Stemma Comune Provincia Popolazione Superficie (km²) Densità (ab/km²)
Anghiari   Arezzo 5 490 130,92 41,93
Caprese Michelangelo   Arezzo 1 349 66,53 20,28
Pieve Santo Stefano   Arezzo 2 970 156,10 19,03
Sansepolcro   Arezzo 15 130 91,19 195,92

L'invaso è utilizzato per rifornire principalmente il comprensorio della Valtiberina toscana, formato dalle reti idriche dei comuni in cui il lago è compreso (Sansepolcro, Anghiari, Pieve Santo Stefano e Caprese Michelangelo) a cui si aggiungono anche Monterchi, Badia Tedalda e Sestino (compresa l'exclave di Ca' Raffaello).[11] Il bacino irriga anche la Valtiberina umbra e regola il flusso del Tevere, evitando secche d'estate; non tutte le zone tuttavia vengono raggiunte allo stesso modo, ad esempio l'area di Gricignano è ancora in buona parte priva di collegamenti col sistema idrico di Montedoglio nonostante siano stati previsti dai piani regolatori.[12] Tramite un vasto sistema di condutture e pompe,[12] anche buona parte del resto della provincia di Arezzo beneficia dell'acqua del lago,[13] così come della produzione di energia elettrica fatta dalla locale centrale idroelettrica subito a valle della diga (produzione media 3,5 GWh).[12][14] Il regime idrico annuale si attesta sui 102 milioni di metri cubi d'acqua circa.[8][15] Poco sotto la diga sono stati creati alcuni altri piccoli bacini artificiali per permettere un'ulteriore raccolta delle acque del lago a fini irrigui, favorendone così l'ottimizzazione.[7][13]
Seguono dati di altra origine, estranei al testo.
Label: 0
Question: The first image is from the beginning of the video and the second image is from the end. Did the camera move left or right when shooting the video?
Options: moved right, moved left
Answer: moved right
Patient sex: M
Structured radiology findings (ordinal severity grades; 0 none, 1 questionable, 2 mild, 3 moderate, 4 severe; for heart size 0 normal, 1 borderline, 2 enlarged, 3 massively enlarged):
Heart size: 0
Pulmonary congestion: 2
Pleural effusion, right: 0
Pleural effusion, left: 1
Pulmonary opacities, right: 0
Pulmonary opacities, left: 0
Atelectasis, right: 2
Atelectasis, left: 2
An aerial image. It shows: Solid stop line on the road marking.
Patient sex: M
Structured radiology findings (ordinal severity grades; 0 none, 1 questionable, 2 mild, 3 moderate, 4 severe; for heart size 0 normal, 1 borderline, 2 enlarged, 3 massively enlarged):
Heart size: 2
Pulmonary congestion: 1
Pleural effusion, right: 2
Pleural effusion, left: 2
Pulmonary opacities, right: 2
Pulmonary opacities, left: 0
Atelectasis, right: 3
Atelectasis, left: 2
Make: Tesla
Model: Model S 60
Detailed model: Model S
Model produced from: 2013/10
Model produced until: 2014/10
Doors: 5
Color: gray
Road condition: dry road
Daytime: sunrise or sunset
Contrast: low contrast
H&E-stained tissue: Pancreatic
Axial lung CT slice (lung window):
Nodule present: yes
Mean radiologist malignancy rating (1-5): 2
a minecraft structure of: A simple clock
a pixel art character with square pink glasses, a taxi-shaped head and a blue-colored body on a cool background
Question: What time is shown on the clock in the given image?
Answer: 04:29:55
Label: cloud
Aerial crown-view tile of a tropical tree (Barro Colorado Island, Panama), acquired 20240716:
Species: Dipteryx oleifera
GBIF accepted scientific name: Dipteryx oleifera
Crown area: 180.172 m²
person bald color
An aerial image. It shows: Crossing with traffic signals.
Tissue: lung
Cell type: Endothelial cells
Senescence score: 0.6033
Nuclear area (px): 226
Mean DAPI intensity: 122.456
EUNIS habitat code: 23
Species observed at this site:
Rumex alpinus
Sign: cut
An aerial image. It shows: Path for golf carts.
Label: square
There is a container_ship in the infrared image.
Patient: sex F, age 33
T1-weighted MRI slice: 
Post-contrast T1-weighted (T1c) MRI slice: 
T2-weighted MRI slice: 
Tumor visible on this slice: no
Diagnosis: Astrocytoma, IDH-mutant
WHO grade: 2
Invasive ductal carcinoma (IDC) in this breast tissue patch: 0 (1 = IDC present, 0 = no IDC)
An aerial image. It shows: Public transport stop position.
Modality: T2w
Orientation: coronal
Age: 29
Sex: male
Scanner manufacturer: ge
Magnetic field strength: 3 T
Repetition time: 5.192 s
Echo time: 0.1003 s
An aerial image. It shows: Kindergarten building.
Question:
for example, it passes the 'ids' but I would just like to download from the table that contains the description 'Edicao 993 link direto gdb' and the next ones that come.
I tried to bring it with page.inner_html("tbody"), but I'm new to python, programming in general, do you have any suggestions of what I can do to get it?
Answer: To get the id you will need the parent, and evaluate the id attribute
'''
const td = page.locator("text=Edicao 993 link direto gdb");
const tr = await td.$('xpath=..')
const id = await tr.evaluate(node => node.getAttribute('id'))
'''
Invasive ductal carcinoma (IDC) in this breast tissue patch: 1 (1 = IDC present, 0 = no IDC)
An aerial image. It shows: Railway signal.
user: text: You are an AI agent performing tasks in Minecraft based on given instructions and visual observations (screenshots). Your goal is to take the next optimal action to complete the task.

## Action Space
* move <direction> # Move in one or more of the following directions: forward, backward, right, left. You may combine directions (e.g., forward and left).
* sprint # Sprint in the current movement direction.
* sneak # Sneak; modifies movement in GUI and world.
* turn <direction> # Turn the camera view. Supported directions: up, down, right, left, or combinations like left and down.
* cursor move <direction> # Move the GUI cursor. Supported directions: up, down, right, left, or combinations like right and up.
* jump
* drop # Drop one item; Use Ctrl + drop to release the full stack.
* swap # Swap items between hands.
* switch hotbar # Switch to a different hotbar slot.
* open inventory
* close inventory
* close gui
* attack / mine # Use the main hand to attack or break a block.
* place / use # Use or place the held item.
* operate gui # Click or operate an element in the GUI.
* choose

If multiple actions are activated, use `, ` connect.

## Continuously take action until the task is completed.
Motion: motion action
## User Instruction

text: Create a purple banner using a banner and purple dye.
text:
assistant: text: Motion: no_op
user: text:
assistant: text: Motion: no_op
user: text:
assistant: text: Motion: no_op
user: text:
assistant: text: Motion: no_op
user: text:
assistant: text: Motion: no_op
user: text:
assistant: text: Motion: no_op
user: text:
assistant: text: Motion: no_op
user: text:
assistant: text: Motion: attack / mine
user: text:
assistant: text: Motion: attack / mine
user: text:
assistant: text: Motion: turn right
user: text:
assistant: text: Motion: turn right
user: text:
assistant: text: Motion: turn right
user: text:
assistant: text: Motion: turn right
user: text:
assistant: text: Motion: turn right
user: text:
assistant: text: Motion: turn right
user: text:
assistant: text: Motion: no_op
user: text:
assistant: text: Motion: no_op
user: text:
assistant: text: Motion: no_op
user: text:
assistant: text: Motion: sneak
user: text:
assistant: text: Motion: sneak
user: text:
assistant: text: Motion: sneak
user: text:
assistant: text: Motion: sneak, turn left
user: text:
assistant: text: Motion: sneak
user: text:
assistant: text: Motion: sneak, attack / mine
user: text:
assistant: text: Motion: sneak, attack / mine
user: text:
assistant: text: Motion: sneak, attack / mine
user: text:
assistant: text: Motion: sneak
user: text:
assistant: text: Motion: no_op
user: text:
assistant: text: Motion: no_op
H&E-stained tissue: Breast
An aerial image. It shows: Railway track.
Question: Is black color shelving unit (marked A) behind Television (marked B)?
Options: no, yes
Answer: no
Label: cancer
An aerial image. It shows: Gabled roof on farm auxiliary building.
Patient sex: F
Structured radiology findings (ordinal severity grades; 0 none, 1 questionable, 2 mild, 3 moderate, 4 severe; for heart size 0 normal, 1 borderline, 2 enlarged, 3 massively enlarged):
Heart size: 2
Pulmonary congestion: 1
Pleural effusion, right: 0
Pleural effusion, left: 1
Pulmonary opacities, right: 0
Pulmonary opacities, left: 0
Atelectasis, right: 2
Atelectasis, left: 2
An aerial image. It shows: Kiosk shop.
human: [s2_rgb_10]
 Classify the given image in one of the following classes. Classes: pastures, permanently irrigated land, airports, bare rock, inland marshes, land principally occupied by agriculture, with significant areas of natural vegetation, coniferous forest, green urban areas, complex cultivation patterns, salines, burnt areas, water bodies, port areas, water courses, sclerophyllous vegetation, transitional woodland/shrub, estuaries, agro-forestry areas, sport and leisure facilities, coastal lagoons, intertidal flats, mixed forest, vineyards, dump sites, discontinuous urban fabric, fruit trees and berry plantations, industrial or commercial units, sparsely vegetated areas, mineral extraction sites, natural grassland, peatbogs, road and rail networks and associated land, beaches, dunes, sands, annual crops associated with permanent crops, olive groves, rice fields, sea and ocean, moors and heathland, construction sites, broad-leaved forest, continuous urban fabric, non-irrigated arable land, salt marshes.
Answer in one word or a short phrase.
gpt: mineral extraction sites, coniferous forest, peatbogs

A causa dell'inquinamento di numerose fonti e corsi d'acqua affluenti dell'Alto Tevere umbro, l'Ente di gestione idropotabile della regione è stato occasionalmente costretto in passato a comprare l'acqua del bacino di Montedoglio per sopperire ai bisogni idrici dell'Umbria.[16] Per ovviare a ciò, sono stati effettuati importanti progetti di espansione della rete idrica di Montedoglio, sia verso la Val di Chiana aretina[17] sia verso l'interno dell'Umbria, volti a creare una rete unica di collegamento tra Montedoglio, Trasimeno[9] e lago di Chiusi (il cosiddetto "Sistema di irrigazione occidentale").[8][13][15]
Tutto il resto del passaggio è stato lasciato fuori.